Your instructions:
Having located the line with "[diagram: same view", print it and each remaining line exactly, stopping at the end of the material and omitting pictures.

--- START ---

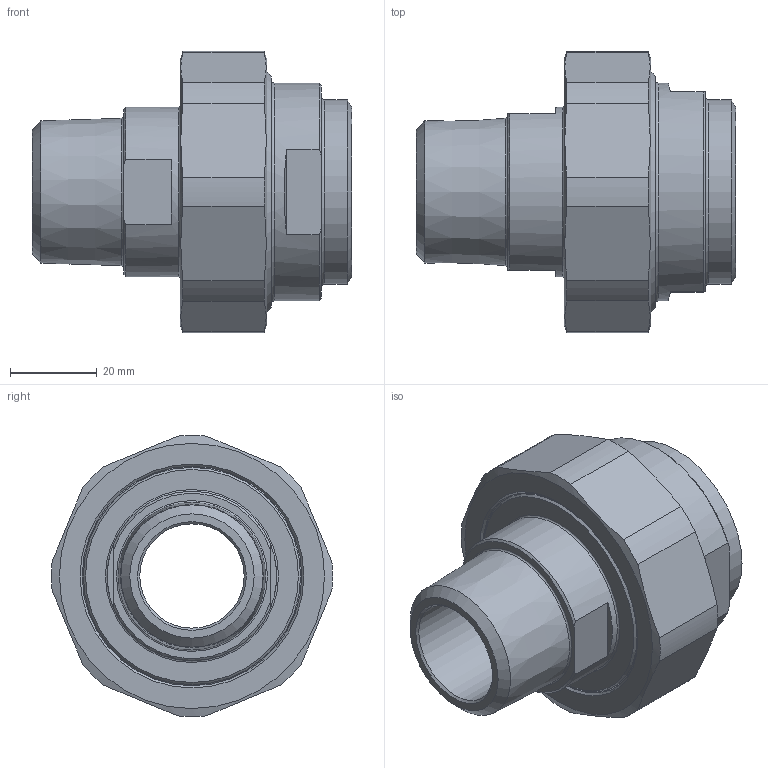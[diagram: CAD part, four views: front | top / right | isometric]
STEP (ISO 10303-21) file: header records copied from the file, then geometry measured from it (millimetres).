
FILE_DESCRIPTION(/* description */ (''),/* implementation_level */ '2;1');
FILE_NAME(/* name */ '3D_R134-UE-SG-DN25-42.4_17101776.stp',/* time_stamp */ '2021-07-01T09:29:13+02:00',/* author */ ('cad'),/* organization */ (''),/* preprocessor_version */ 'ST-DEVELOPER v18.1',/* originating_system */ 'Autodesk Inventor 2022',/* authorisation */ '');
FILE_SCHEMA (('AUTOMOTIVE_DESIGN { 1 0 10303 214 3 1 1 }'));
Length unit declared in the file: millimetre
Products named in the file (4): 3D_R134-UE-SG-DN25-42.4_17101776; 3D_R134-M-DN32_171011625; 3D_R134-SG-42.4_171011525; 3D_R134-UE-DN25-DN32_171011126
Assembly tree (3 placements, depth 2):
  3D_R134-UE-SG-DN25-42.4_17101776
    3D_R134-M-DN32_171011625
    3D_R134-SG-42.4_171011525
    3D_R134-UE-DN25-DN32_171011126
Bounding box: 73.5 x 64.68 x 64.66 mm (x, y, z)
Volume: 76818.7 mm3; surface area: 31724.8 mm2
Topology: 3 solids, 3 shells, 83 faces, 201 edges, 132 vertices
Faces by surface type: plane 30, cone 23, cylinder 19, torus 11
Full cylindrical faces by diameter (mm): 24 x1, 37.2 x1, 37.4 x1, 39 x1, 42.4 x1, 50 x2, 50.5 x1, 54 x1, 54.376 x1, 55.85 x1
Entity records: 2613 total; most frequent: DIRECTION 472, CARTESIAN_POINT 471, ORIENTED_EDGE 402, AXIS2_PLACEMENT_3D 205, EDGE_CURVE 201, VERTEX_POINT 132, CIRCLE 113, EDGE_LOOP 97
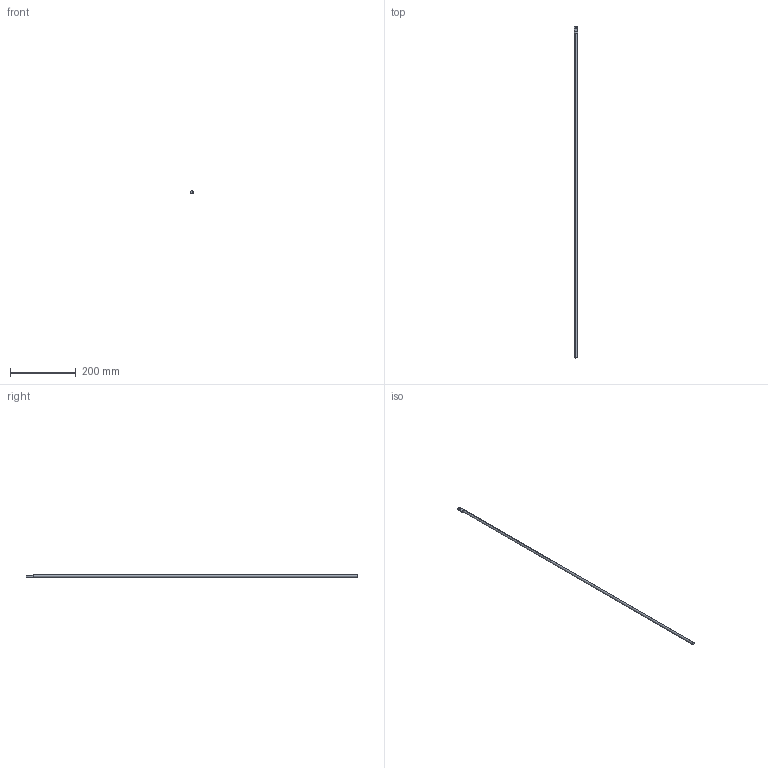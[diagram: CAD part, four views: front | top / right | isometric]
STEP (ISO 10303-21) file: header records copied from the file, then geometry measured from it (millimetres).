
FILE_DESCRIPTION (( 'STEP AP203' ), '1' );
FILE_NAME ('AC-1025-R-22.STEP', '2019-06-20T08:30:19', ( '' ), ( '' ), 'SwSTEP 2.0', 'SolidWorks 2014', '' );
FILE_SCHEMA (( 'CONFIG_CONTROL_DESIGN' ));
Length unit declared in the file: millimetre
Products named in the file (1): AC-1025-R-22
Bounding box: 11.91 x 1006.96 x 8 mm (x, y, z)
Volume: 50438.8 mm3; surface area: 25525.6 mm2
Topology: 1 solids, 1 shells, 15 faces, 35 edges, 22 vertices
Faces by surface type: cylinder 8, bspline 4, plane 3
Entity records: 666 total; most frequent: CARTESIAN_POINT 241, DIRECTION 75, ORIENTED_EDGE 70, EDGE_CURVE 35, AXIS2_PLACEMENT_3D 32, VERTEX_POINT 22, CIRCLE 20, EDGE_LOOP 17
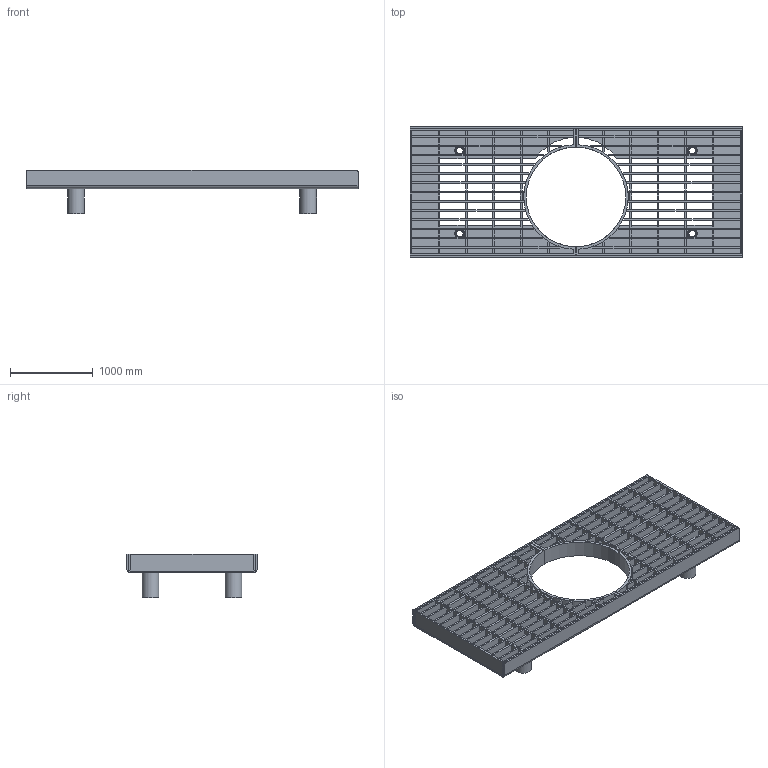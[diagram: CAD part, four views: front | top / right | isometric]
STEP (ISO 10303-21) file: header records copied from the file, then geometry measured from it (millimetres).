
FILE_DESCRIPTION(/* description */ (''),/* implementation_level */ '2;1');
FILE_NAME(/* name */ '60401.100X_3D.stp',/* time_stamp */ '2024-12-11T08:38:53+01:00',/* author */ ('CAD'),/* organization */ (''),/* preprocessor_version */ 'ST-DEVELOPER v20',/* originating_system */ 'AutoCAD Mechanical',/* authorisation */ '');
FILE_SCHEMA (('AUTOMOTIVE_DESIGN { 1 0 10303 214 3 1 1 }'));
Length unit declared in the file: centimetre
Products named in the file (3): Product; *S0; 60492.100XA
Assembly tree (2 placements, depth 2):
  Product
    *S0
    60492.100XA
Bounding box: 4000 x 1570 x 520 mm (x, y, z)
Volume: 319866723.8 mm3; surface area: 33475240.7 mm2
Topology: 51 solids, 51 shells, 898 faces, 2272 edges, 1476 vertices
Faces by surface type: plane 744, cone 120, cylinder 34
Full cylindrical faces by diameter (mm): 120 x4, 200 x4
Entity records: 26506 total; most frequent: CARTESIAN_POINT 4651, ORIENTED_EDGE 4544, DIRECTION 4270, EDGE_CURVE 2272, LINE 2080, VECTOR 2080, VERTEX_POINT 1476, AXIS2_PLACEMENT_3D 1095
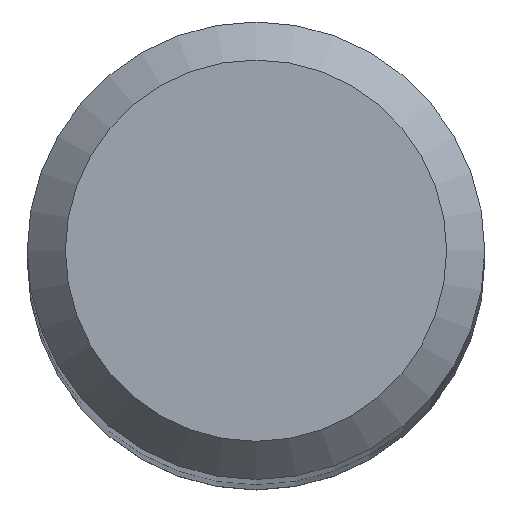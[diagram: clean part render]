
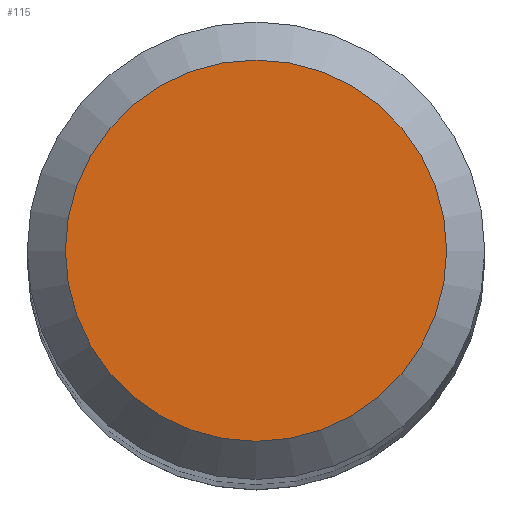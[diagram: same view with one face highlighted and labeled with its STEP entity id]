
A CAD part, top view. The second image highlights one B-rep face of the part: STEP entity #115.
In plain terms, the highlighted planar face has unit normal (0, 0, 1).
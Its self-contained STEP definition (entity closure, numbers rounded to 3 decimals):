
#115=ADVANCED_FACE('',(#123),#119,.F.);
#119=PLANE('',#444);
#123=FACE_OUTER_BOUND('',#143,.T.);
#143=EDGE_LOOP('',(#163));
#163=ORIENTED_EDGE('',*,*,#183,.F.);
#173=VERTEX_POINT('',#626);
#183=EDGE_CURVE('',#173,#173,#204,.T.);
#204=CIRCLE('',#442,5.);
#442=AXIS2_PLACEMENT_3D('',#625,#523,#524);
#444=AXIS2_PLACEMENT_3D('',#628,#527,#528);
#523=DIRECTION('',(0.,0.,-1.));
#524=DIRECTION('',(0.,1.,0.));
#527=DIRECTION('',(0.,0.,-1.));
#528=DIRECTION('',(0.,1.,0.));
#625=CARTESIAN_POINT('',(0.,0.,0.));
#626=CARTESIAN_POINT('',(0.,5.,0.));
#628=CARTESIAN_POINT('',(0.,0.,0.));

--- END ---

Result of this exercise:
[diagram: same view with one face highlighted and labeled with its STEP entity id]
A CAD part, top view. The second image highlights one B-rep face of the part: STEP entity #115.
In plain terms, the highlighted planar face has unit normal (0, 0, 1).
Its self-contained STEP definition (entity closure, numbers rounded to 3 decimals):
#115=ADVANCED_FACE('',(#123),#119,.F.);
#119=PLANE('',#444);
#123=FACE_OUTER_BOUND('',#143,.T.);
#143=EDGE_LOOP('',(#163));
#163=ORIENTED_EDGE('',*,*,#183,.F.);
#173=VERTEX_POINT('',#626);
#183=EDGE_CURVE('',#173,#173,#204,.T.);
#204=CIRCLE('',#442,5.);
#442=AXIS2_PLACEMENT_3D('',#625,#523,#524);
#444=AXIS2_PLACEMENT_3D('',#628,#527,#528);
#523=DIRECTION('',(0.,0.,-1.));
#524=DIRECTION('',(0.,1.,0.));
#527=DIRECTION('',(0.,0.,-1.));
#528=DIRECTION('',(0.,1.,0.));
#625=CARTESIAN_POINT('',(0.,0.,0.));
#626=CARTESIAN_POINT('',(0.,5.,0.));
#628=CARTESIAN_POINT('',(0.,0.,0.));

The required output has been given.